How do I know If I am eligible to participate in a Clinical Trials?
If you wish to participate in a clinical trial, it is best advised to check for the participation eligibility for the specific clinical trial. Every clinical trial that is planned and takes place, specifies its own eligibility criteria with specific factors such as age, disease status and also previous medical history. Your current doctor, considering the stage of your disease will suggest the bets standard treatment available and the possibility of you participating in a clinical trial. Your details are reviewed and the final decision to participate in a clinical trial resides with you.
What are the benefits of participating in a clinical trial?
- If a new treatment is successful, the patients are amongst the first ones to enjoy the benefits.
- As a clinical trial is a voluntary participation to get a therapy or medicine tested, it definitely saves the patient and the healthcare system a lot of money.
- The patients enrolled are monitored on a regular basis.
- The patients enrolled and participating are free to withdraw from the treatment regime as and when desired.
- Participation in the clinical trial, provides the patients the access to a wide network of doctors, nurses and researchers. This alone helps with the trust building between the caregivers and patients.
What are the disadvantages of participating in a clinical trial?
- As the treatment is novel therapy and the patients are the first ones to try it, it can be beneficial or fatal.
- Depending on the type of the study, it is not necessary that the patients would know if they are receiving the novel treatment or a previously existing one. Such a study is called a blinded study.
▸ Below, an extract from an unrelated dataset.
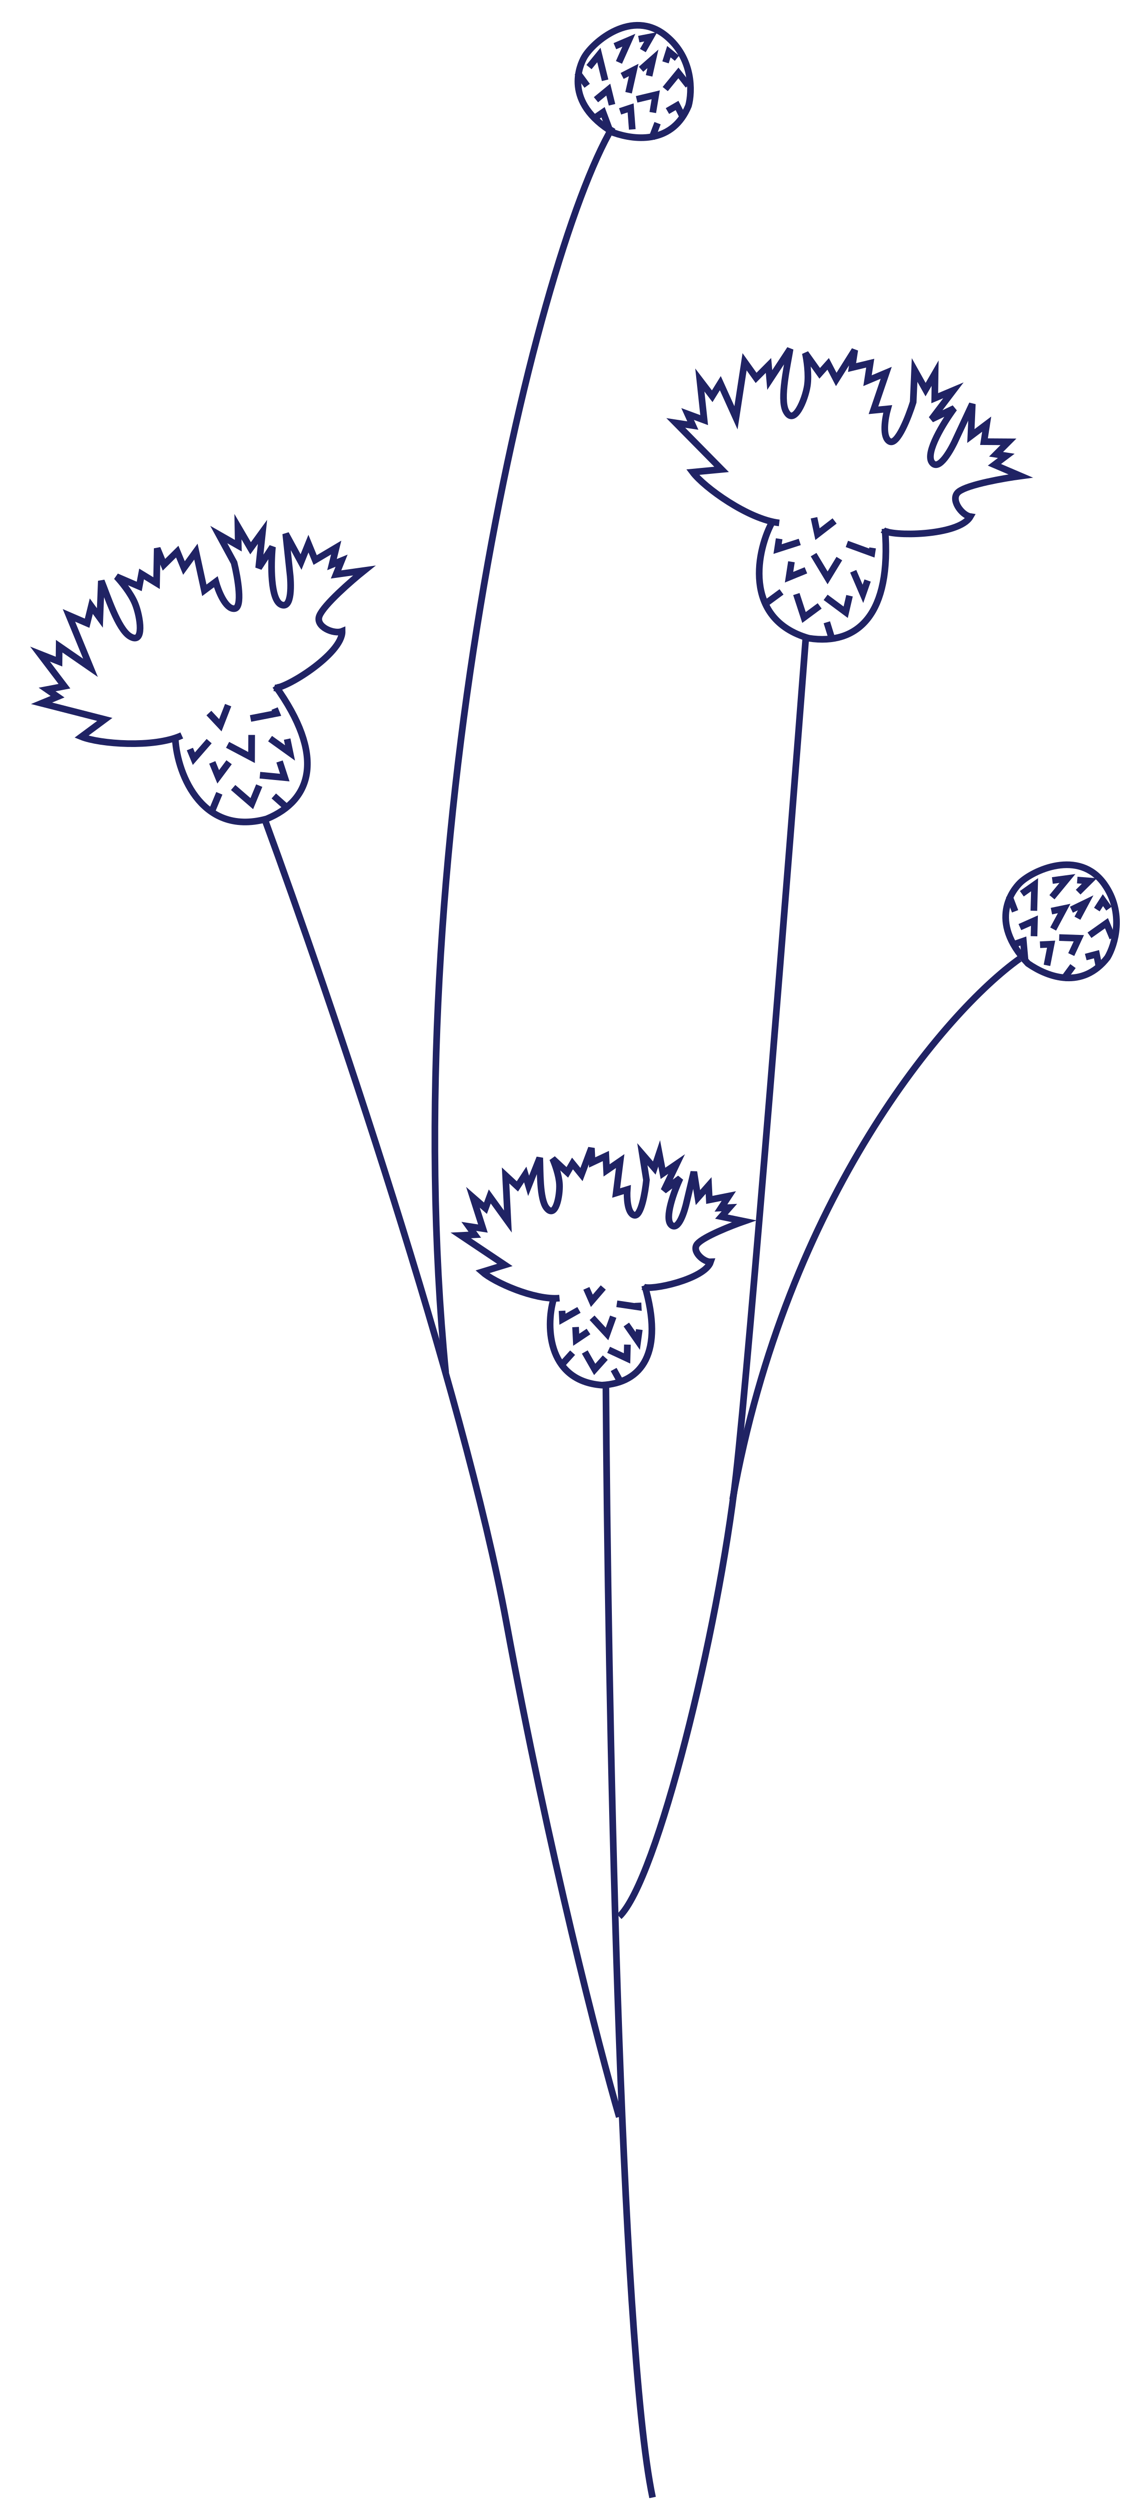 <?xml version="1.0" encoding="UTF-8"?> <svg xmlns="http://www.w3.org/2000/svg" width="143" height="312" viewBox="0 0 143 312" fill="none"><path d="M127.617 111.55L129.21 110.423L129.12 113.674" stroke="#202364" stroke-width="0.833"></path><path d="M131.313 113.718L132.902 113.389L131.53 115.955" stroke="#202364" stroke-width="0.833"></path><path d="M132.283 117.017L134.735 117.103L133.787 119.141" stroke="#202364" stroke-width="0.833"></path><path d="M135.6 119.448L136.943 119.094L137.258 120.665" stroke="#202364" stroke-width="0.833"></path><path d="M136.065 116.729L138.188 115.226L138.962 117.069" stroke="#202364" stroke-width="0.833"></path><path d="M134.561 114.604L135.59 112.68L133.81 113.543" stroke="#202364" stroke-width="0.833"></path><path d="M131.429 109.897L133.311 109.643L131.381 111.985" stroke="#202364" stroke-width="0.833"></path><path d="M127.373 115.711L129.191 114.902L129.138 116.852" stroke="#202364" stroke-width="0.833"></path><path d="M129.889 117.912L131.274 117.842L130.756 120.487" stroke="#202364" stroke-width="0.833"></path><path d="M134.007 120.577L132.79 122.236" stroke="#202364" stroke-width="0.833"></path><path d="M126.532 117.899L127.809 117.451L128.035 120.023" stroke="#202364" stroke-width="0.833"></path><path d="M136.985 113.525L137.746 112.349L138.498 113.41" stroke="#202364" stroke-width="0.833"></path><path d="M134.651 111.352L136.056 109.959L134.537 109.84" stroke="#202364" stroke-width="0.833"></path><path d="M126.776 113.741L126.036 111.81" stroke="#202364" stroke-width="0.833"></path><path d="M138.312 119.511C135.212 123.501 130.948 122.033 128.385 120.259C123.283 114.898 126.593 110.989 127.37 110.21C128.9 108.679 134.758 105.877 137.931 110.36C140.47 113.946 139.243 117.955 138.312 119.511Z" stroke="#202364" stroke-width="0.833"></path><path d="M73.56 8.374L74.795 6.863L75.574 10.021" stroke="#202364" stroke-width="0.833"></path><path d="M77.699 9.477L79.143 8.737L78.504 11.575" stroke="#202364" stroke-width="0.833"></path><path d="M79.511 12.399L81.897 11.829L81.526 14.046" stroke="#202364" stroke-width="0.833"></path><path d="M83.356 13.862L84.557 13.164L85.279 14.594" stroke="#202364" stroke-width="0.833"></path><path d="M83.081 11.116L84.728 9.101L85.964 10.672" stroke="#202364" stroke-width="0.833"></path><path d="M81.066 9.468L81.546 7.34L80.059 8.645" stroke="#202364" stroke-width="0.833"></path><path d="M76.793 5.765L78.539 5.019L77.303 7.79" stroke="#202364" stroke-width="0.833"></path><path d="M74.431 12.448L75.969 11.184L76.436 13.079" stroke="#202364" stroke-width="0.833"></path><path d="M77.443 13.902L78.76 13.466L78.964 16.153" stroke="#202364" stroke-width="0.833"></path><path d="M82.122 15.373L81.391 17.295" stroke="#202364" stroke-width="0.833"></path><path d="M74.203 14.78L75.314 14.008L76.217 16.427" stroke="#202364" stroke-width="0.833"></path><path d="M83.116 7.785L83.536 6.449L84.543 7.272" stroke="#202364" stroke-width="0.833"></path><path d="M80.288 6.312L81.271 4.596L79.774 4.885" stroke="#202364" stroke-width="0.833"></path><path d="M73.332 10.709L72.105 9.044" stroke="#202364" stroke-width="0.833"></path><path d="M85.987 13.2C84.061 17.87 79.561 17.59 76.618 16.562C70.273 12.753 72.423 8.104 72.965 7.146C74.032 5.263 78.933 1.003 83.185 4.479C86.587 7.26 86.471 11.452 85.987 13.2Z" stroke="#202364" stroke-width="0.833"></path><path d="M97.31 67.244L97.112 68.529L99.882 67.639" stroke="#202364" stroke-width="0.833"></path><path d="M101.611 69.223L103.359 72.124L104.826 69.717" stroke="#202364" stroke-width="0.833"></path><path d="M99.458 74.143L100.413 77.07L102.37 75.622" stroke="#202364" stroke-width="0.833"></path><path d="M105.767 67.887L108.882 69.024L108.981 68.381" stroke="#202364" stroke-width="0.833"></path><path d="M106.559 71.299L107.771 74.118L108.356 72.453" stroke="#202364" stroke-width="0.833"></path><path d="M100.653 71.181L98.546 72.042L98.843 70.113" stroke="#202364" stroke-width="0.833"></path><path d="M103.112 74.554L105.62 76.414L106.098 74.353" stroke="#202364" stroke-width="0.833"></path><path d="M101.661 64.623L102.099 66.665L104.233 65.019" stroke="#202364" stroke-width="0.833"></path><path d="M97.606 73.872L95.381 75.504" stroke="#202364" stroke-width="0.833"></path><path d="M103.263 77.666L103.952 79.886" stroke="#202364" stroke-width="0.833"></path><path d="M97.32 65.266C93.46 64.822 87.957 60.855 86.507 58.929L90.118 58.587L84.396 52.785L86.529 53.113L85.877 51.669L87.943 52.435L87.403 47.427L88.95 49.456L89.962 47.821L91.916 52.15L92.992 45.153L94.429 47.165L95.977 45.612L96.135 47.427L98.676 43.56C98.384 45.455 97.347 49.762 98.156 51.319C99.166 53.265 100.557 49.898 100.826 48.148C101.041 46.749 100.751 44.854 100.578 44.081L102.375 46.596L103.429 45.415L104.44 47.361L106.751 43.687L106.415 45.874L108.682 45.327L108.346 47.514L110.68 46.53L109.087 51.209L110.86 51.035C110.539 52.179 110.138 54.594 111.108 55.102C112.078 55.609 113.472 52.033 114.048 50.181L114.226 46.18L115.596 48.629L116.785 46.573L116.741 49.7L119.075 48.716L116.337 52.324L119.165 50.969C117.879 52.711 115.521 56.497 116.383 57.704C117.246 58.911 118.807 56.137 119.48 54.599L121.432 50.422L121.254 54.423L123.229 52.937L122.892 55.123L125.945 55.145L124.397 56.698L125.676 56.894L124.195 58.01L127.472 59.409C125.392 59.686 120.936 60.463 119.751 61.355C118.566 62.248 120.104 64.313 121.181 64.478C119.775 66.927 111.185 67 110.269 66.143" stroke="#202364" stroke-width="0.833"></path><path d="M96.557 64.946C94.529 68.434 92.623 77.263 101.007 79.66C107.148 80.605 111.392 76.642 110.524 65.987" stroke="#202364" stroke-width="0.833"></path><path d="M23.715 93.49L24.21 94.694L26.121 92.501" stroke="#202364" stroke-width="0.833"></path><path d="M28.422 92.963L31.417 94.545L31.43 91.726" stroke="#202364" stroke-width="0.833"></path><path d="M29.118 98.289L31.448 100.303L32.376 98.052" stroke="#202364" stroke-width="0.833"></path><path d="M31.289 89.672L34.544 89.037L34.297 88.435" stroke="#202364" stroke-width="0.833"></path><path d="M33.728 92.186L36.222 93.974L35.863 92.246" stroke="#202364" stroke-width="0.833"></path><path d="M28.612 95.134L27.252 96.959L26.51 95.154" stroke="#202364" stroke-width="0.833"></path><path d="M32.46 96.754L35.568 97.051L34.913 95.039" stroke="#202364" stroke-width="0.833"></path><path d="M26.088 88.998L27.517 90.52L28.494 88.009" stroke="#202364" stroke-width="0.833"></path><path d="M27.393 99.012L26.33 101.559" stroke="#202364" stroke-width="0.833"></path><path d="M34.195 99.341L35.931 100.886" stroke="#202364" stroke-width="0.833"></path><path d="M22.703 91.791C19.168 93.404 12.408 92.849 10.171 91.949L13.086 89.791L5.19 87.777L7.186 86.957L5.883 86.057L8.046 85.646L4.998 81.637L7.371 82.575L7.393 80.652L11.302 83.351L8.609 76.803L10.879 77.783L11.403 75.654L12.475 77.127L12.654 72.503C13.383 74.276 14.72 78.501 16.216 79.416C18.086 80.561 17.538 76.959 16.865 75.322C16.327 74.012 15.099 72.54 14.552 71.967L17.389 73.193L17.683 71.637L19.553 72.781L19.635 68.442L20.476 70.488L22.135 68.849L22.977 70.895L24.467 68.847L25.52 73.677L26.948 72.611C27.264 73.757 28.168 76.033 29.261 75.966C30.353 75.9 29.7 72.118 29.237 70.235L27.323 66.716L29.761 68.106L29.718 65.731L31.295 68.432L32.785 66.384L32.304 70.887L34.026 68.266C33.824 70.422 33.76 74.882 35.122 75.47C36.484 76.058 36.388 72.876 36.17 71.212L35.685 66.627L37.598 70.146L38.522 67.853L39.363 69.899L41.988 68.341L41.464 70.47L42.661 69.978L41.969 71.698L45.498 71.204C43.86 72.515 40.446 75.482 39.892 76.858C39.338 78.234 41.721 79.208 42.729 78.794C42.789 81.617 35.471 86.116 34.244 85.855" stroke="#202364" stroke-width="0.833"></path><path d="M21.883 91.911C21.947 95.945 24.875 104.49 33.292 102.212C39.039 99.85 40.626 94.265 34.38 85.588" stroke="#202364" stroke-width="0.833"></path><path d="M70.194 163.598L70.247 164.654L72.307 163.492" stroke="#202364" stroke-width="0.833"></path><path d="M73.945 164.469L75.811 166.494L76.586 164.337" stroke="#202364" stroke-width="0.833"></path><path d="M73.033 168.742L74.272 170.918L75.594 169.445" stroke="#202364" stroke-width="0.833"></path><path d="M77.035 162.727L79.702 163.123L79.676 162.595" stroke="#202364" stroke-width="0.833"></path><path d="M78.223 165.314L79.649 167.361L79.842 165.94" stroke="#202364" stroke-width="0.833"></path><path d="M73.5 166.186L71.963 167.215L71.884 165.631" stroke="#202364" stroke-width="0.833"></path><path d="M76.011 168.471L78.312 169.542L78.356 167.822" stroke="#202364" stroke-width="0.833"></path><path d="M73.232 160.799L73.914 162.353L75.344 160.693" stroke="#202364" stroke-width="0.833"></path><path d="M71.514 168.827L70.009 170.491" stroke="#202364" stroke-width="0.833"></path><path d="M76.639 170.925L77.551 172.58" stroke="#202364" stroke-width="0.833"></path><path d="M69.879 162.021C66.732 162.298 61.701 160.038 60.231 158.742L63.051 157.879L57.545 154.193L59.297 154.106L58.543 153.063L60.313 153.335L59.064 149.435L60.628 150.798L61.166 149.33L63.43 152.459L63.143 146.71L64.617 148.077L65.596 146.587L66.018 148.007L67.41 144.512C67.487 146.069 67.366 149.669 68.264 150.776C69.387 152.161 69.944 149.252 69.872 147.814C69.815 146.665 69.274 145.203 69.01 144.616L70.852 146.325L71.499 145.212L72.622 146.596L73.862 143.293L73.951 145.089L75.668 144.283L75.757 146.08L77.455 144.914L76.952 148.902L78.336 148.472C78.267 149.436 78.343 151.426 79.198 151.671C80.053 151.916 80.579 148.841 80.734 147.272L80.223 144.056L81.714 145.782L82.325 143.951L82.801 146.448L84.499 145.283L82.909 148.604L84.939 147.062C84.199 148.66 82.941 152.06 83.825 152.881C84.709 153.701 85.499 151.236 85.784 149.901L86.655 146.256L87.167 149.472L88.497 147.965L88.587 149.761L91.022 149.279L90.042 150.769L91.093 150.717L90.096 151.847L92.935 152.426C91.324 152.986 87.902 154.334 87.104 155.238C86.306 156.143 87.868 157.536 88.753 157.492C88.034 159.671 81.204 161.135 80.335 160.602" stroke="#202364" stroke-width="0.833"></path><path d="M69.218 161.889C68.173 164.999 68.099 172.342 75.168 172.88C80.213 172.628 82.945 168.778 80.512 160.434" stroke="#202364" stroke-width="0.833"></path><path d="M75.667 172.547C75.91 210.789 77.417 292.161 81.5 311.714" stroke="#202364" stroke-width="0.833"></path><path d="M33.166 102.547C40.96 123.757 57.885 173.429 63.229 202.432C68.574 231.436 74.858 255.705 77.333 264.214" stroke="#202364" stroke-width="0.833"></path><path d="M76.499 15.881C66.598 32.588 49.354 106.733 55.666 171.334" stroke="#202364" stroke-width="0.833"></path><path d="M100.666 79.213C98.479 107.74 93.666 168.664 91.916 184.143C89.729 203.492 82.073 234.748 77.333 239.213" stroke="#202364" stroke-width="0.833"></path><path d="M127.333 119.666C118.192 126.158 98.228 149.413 91.5 187.166" stroke="#202364" stroke-width="0.833"></path></svg>

Therefore, the patient should be prepared for that as well.
- The patient should be emotionally and mentally be prepared for unanticipated side-effects and risks.
- The patients can be required to present for several tests and investigations while the clinical trial is on.
Did you know?
- Because a patient voluntarily participates in a clinical trial, you are made to sign an informed consent which clearly explains that the treatment plan along with all possible benefits and risks.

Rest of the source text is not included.